= Work order =
Show all the lines in the data below that include the word "newurl".

----- Data shown -----

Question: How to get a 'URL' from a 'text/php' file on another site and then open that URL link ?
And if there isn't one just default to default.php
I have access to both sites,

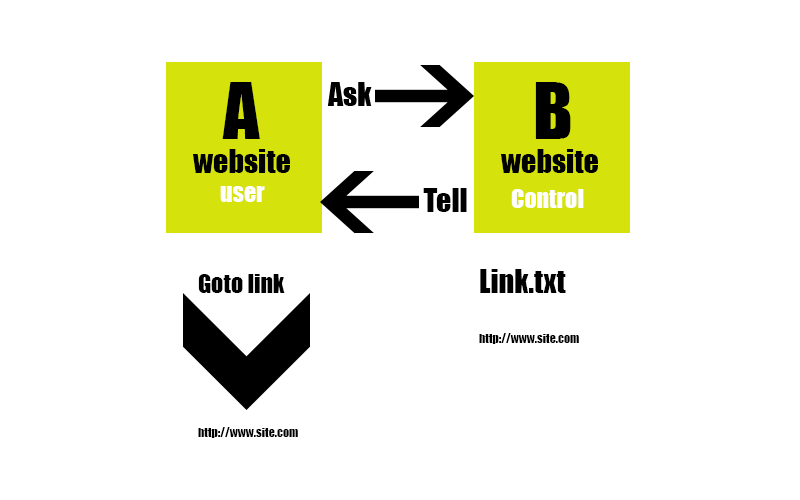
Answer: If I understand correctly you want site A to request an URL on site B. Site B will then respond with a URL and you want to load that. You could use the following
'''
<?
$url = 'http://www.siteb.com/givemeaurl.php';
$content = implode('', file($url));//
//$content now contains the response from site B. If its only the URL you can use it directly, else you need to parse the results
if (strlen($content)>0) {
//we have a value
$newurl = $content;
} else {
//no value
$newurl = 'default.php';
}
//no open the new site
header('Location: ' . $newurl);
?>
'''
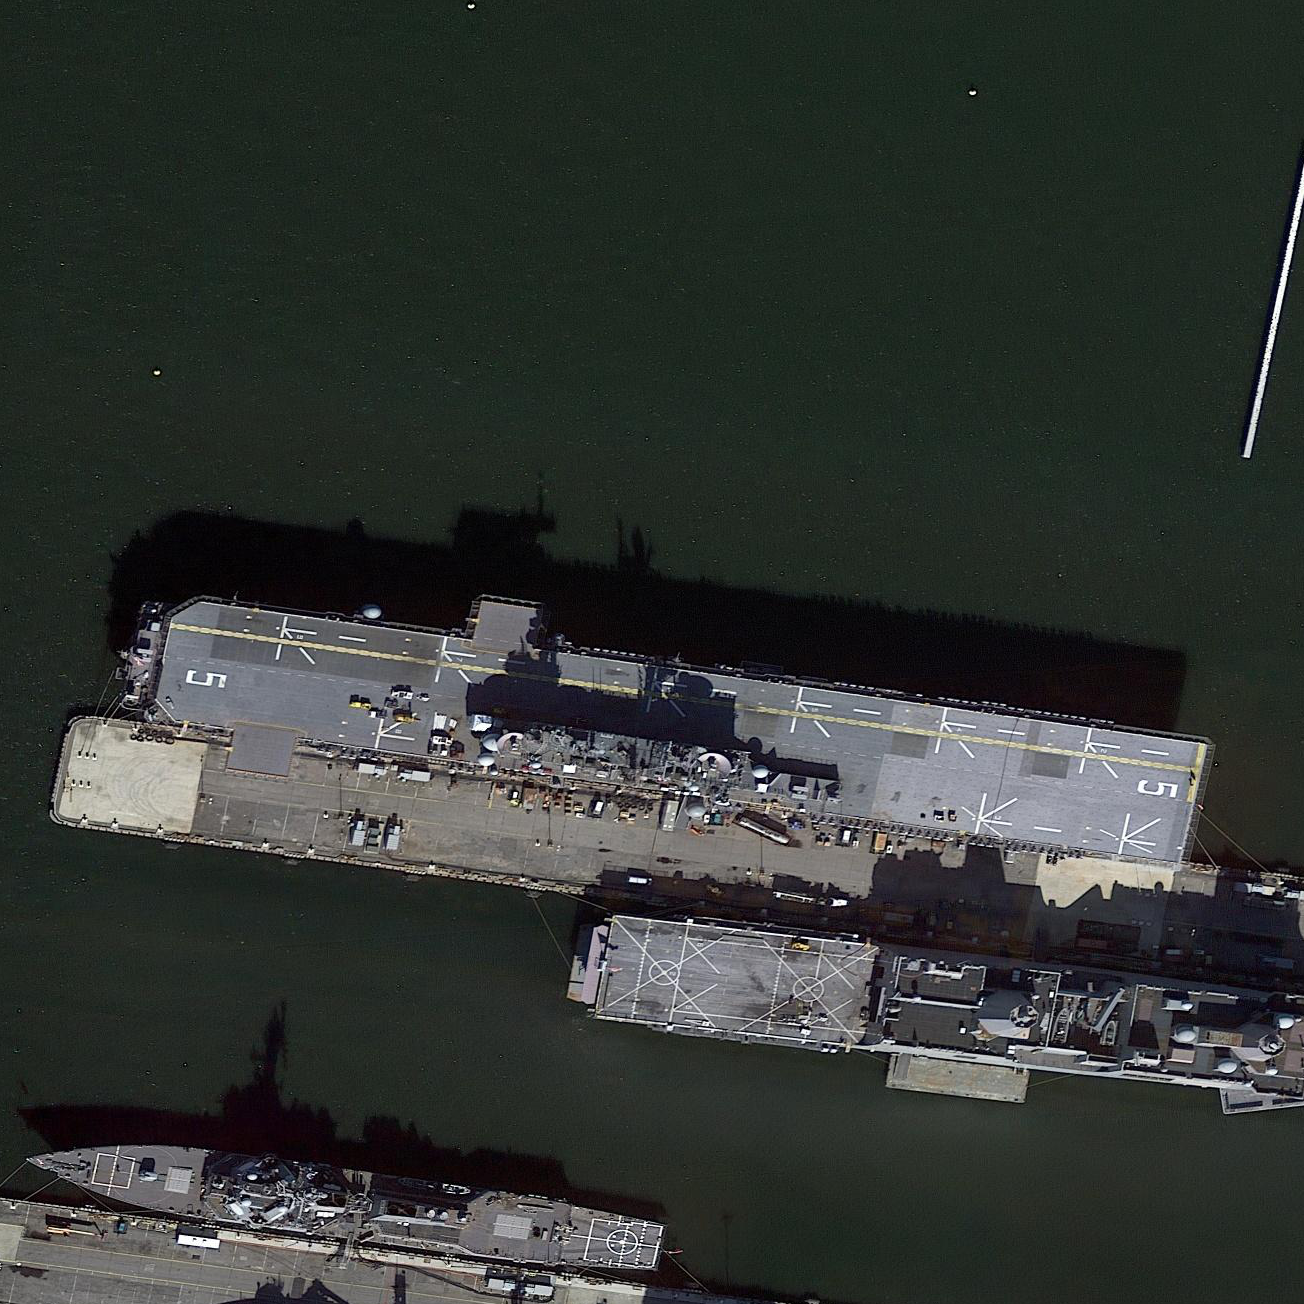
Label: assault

-----

= Solution below =
$newurl = $content;
$newurl = 'default.php';
header('Location: ' . $newurl);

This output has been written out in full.